> **WORK TO COMPLETE**
The entries are to be repeated exactly, with all pictures omitted.

++++ INPUT DATA

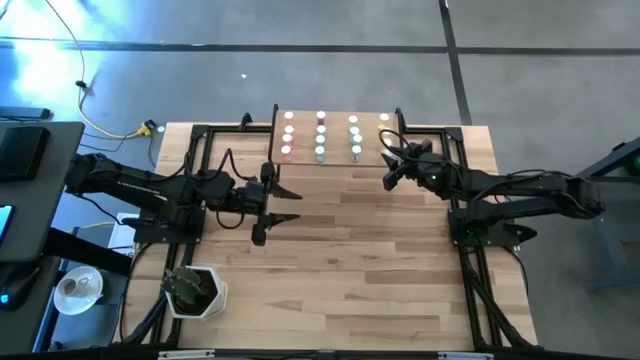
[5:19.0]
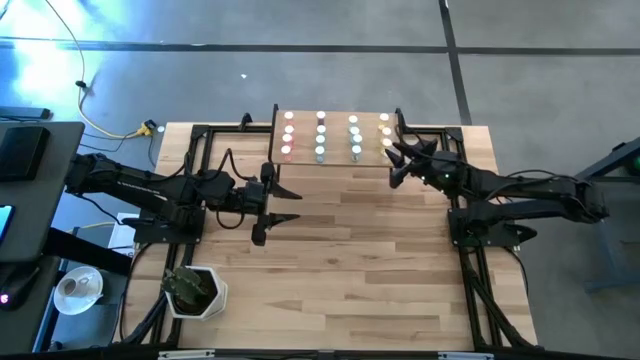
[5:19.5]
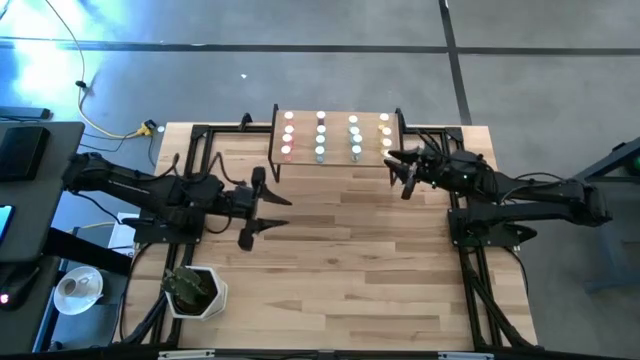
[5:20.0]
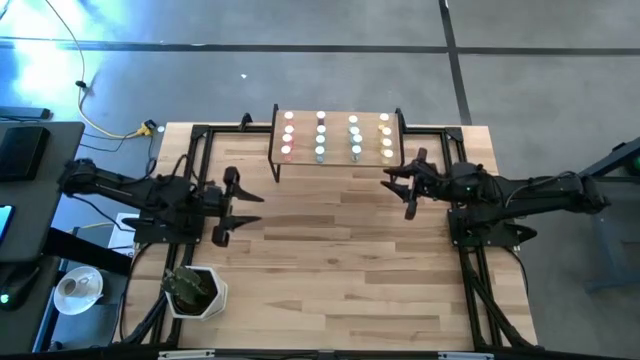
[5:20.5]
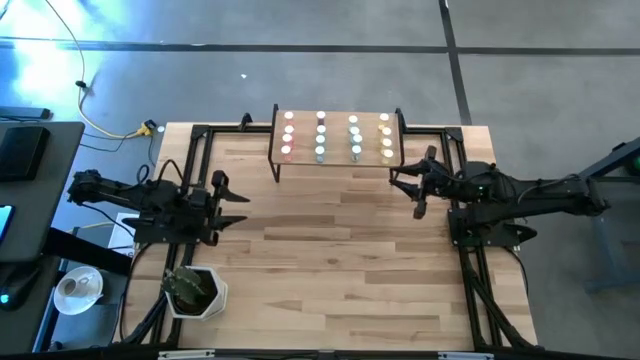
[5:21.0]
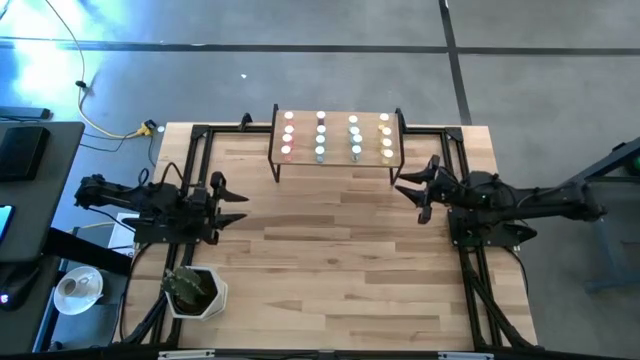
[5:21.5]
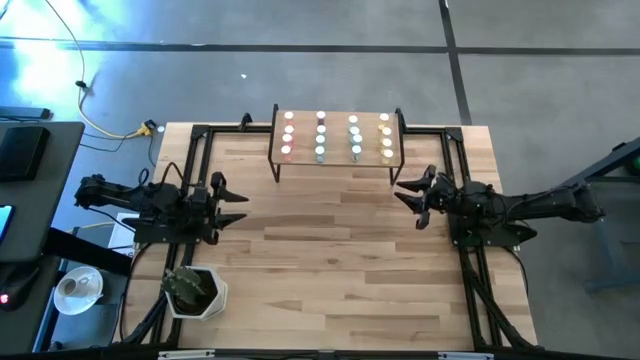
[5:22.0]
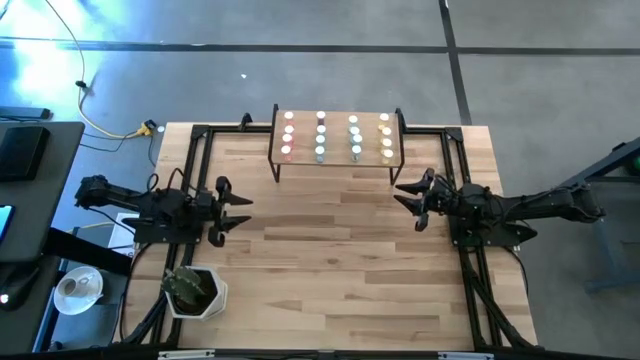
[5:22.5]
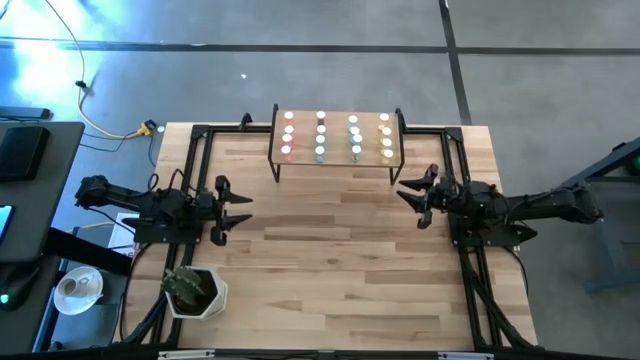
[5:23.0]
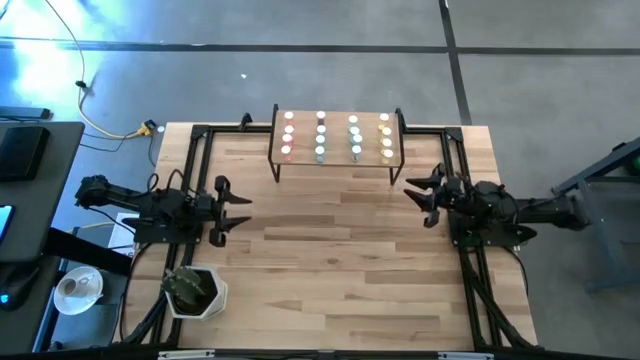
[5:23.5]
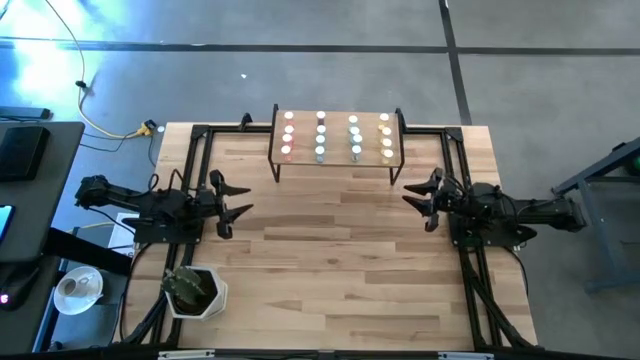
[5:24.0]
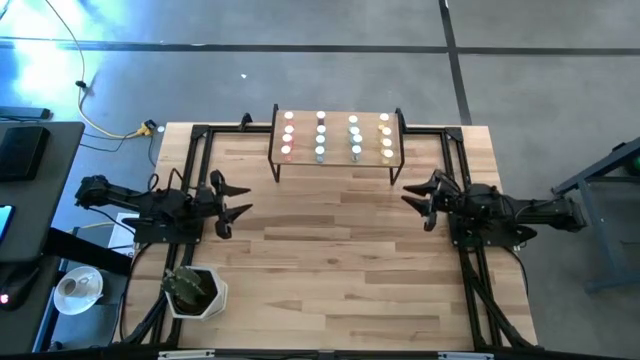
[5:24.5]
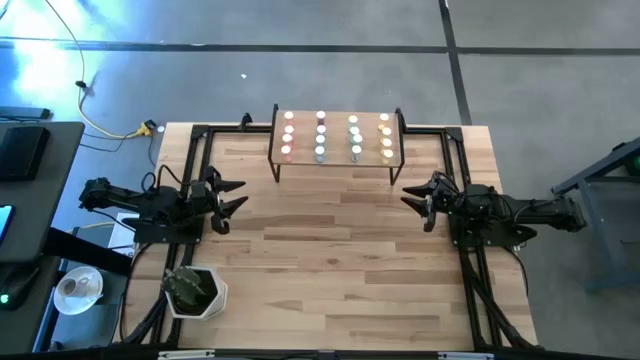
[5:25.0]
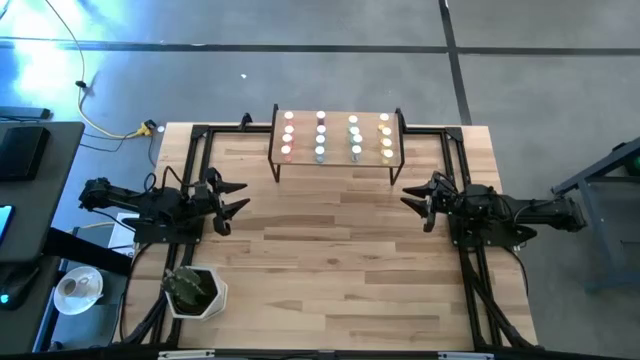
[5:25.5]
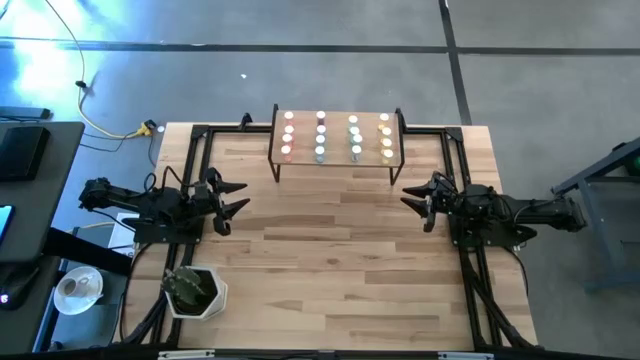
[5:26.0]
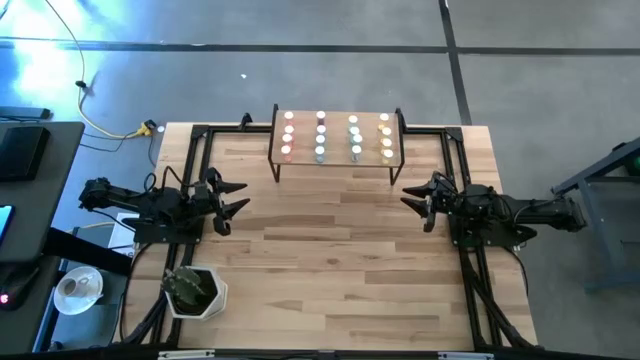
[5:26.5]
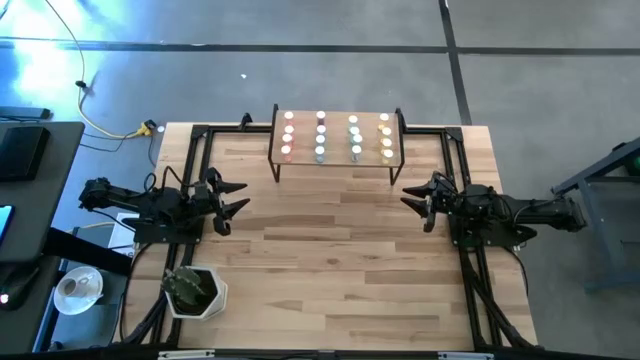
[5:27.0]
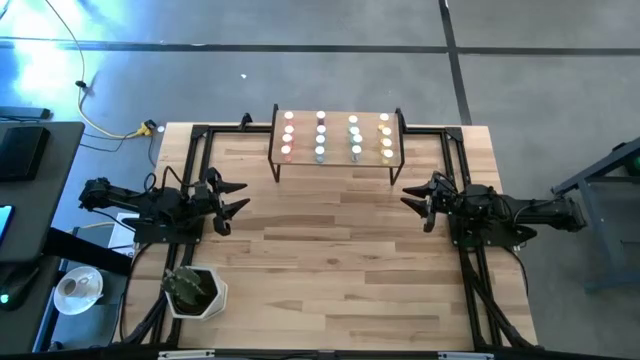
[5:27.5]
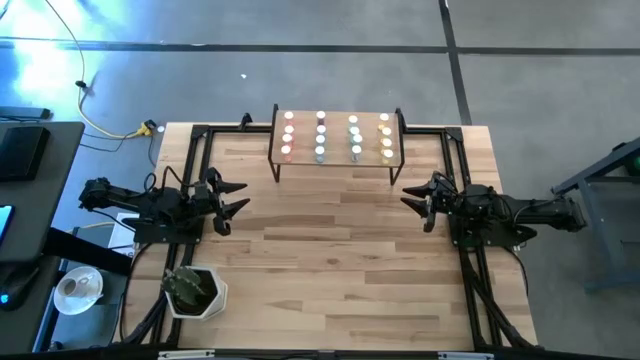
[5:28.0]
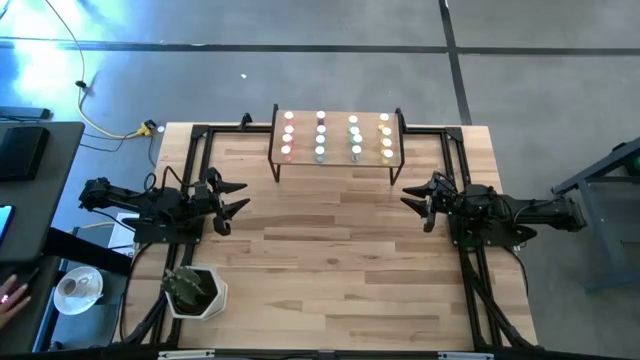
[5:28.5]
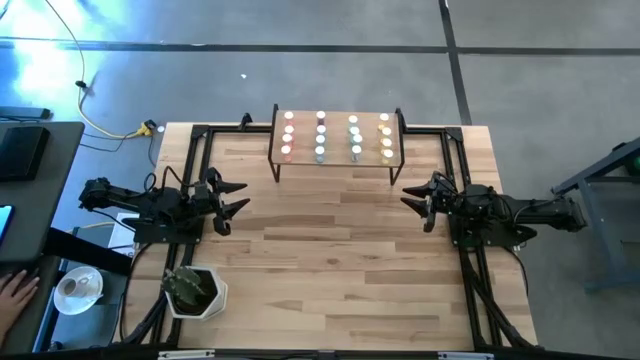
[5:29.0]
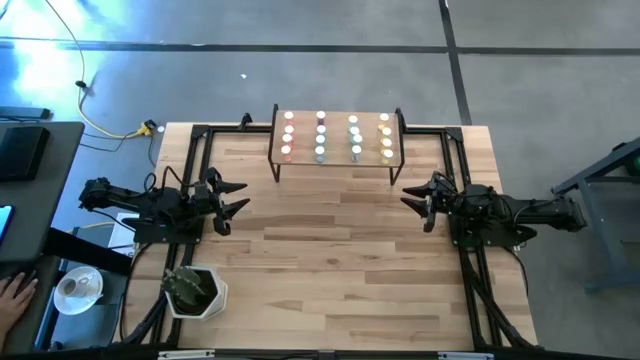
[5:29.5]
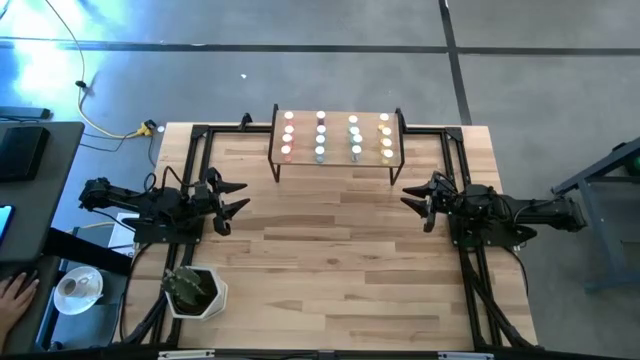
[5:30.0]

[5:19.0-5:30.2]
Task: Pick and place medicine bottles onto shelf by color
Return to Home Position

++++++++

> **THE ANSWER**
[5:19.0]
[5:19.5]
[5:20.0]
[5:20.5]
[5:21.0]
[5:21.5]
[5:22.0]
[5:22.5]
[5:23.0]
[5:23.5]
[5:24.0]
[5:24.5]
[5:25.0]
[5:25.5]
[5:26.0]
[5:26.5]
[5:27.0]
[5:27.5]
[5:28.0]
[5:28.5]
[5:29.0]
[5:29.5]
[5:30.0]

[5:19.0-5:30.2]
Task: Pick and place medicine bottles onto shelf by color
Return to Home Position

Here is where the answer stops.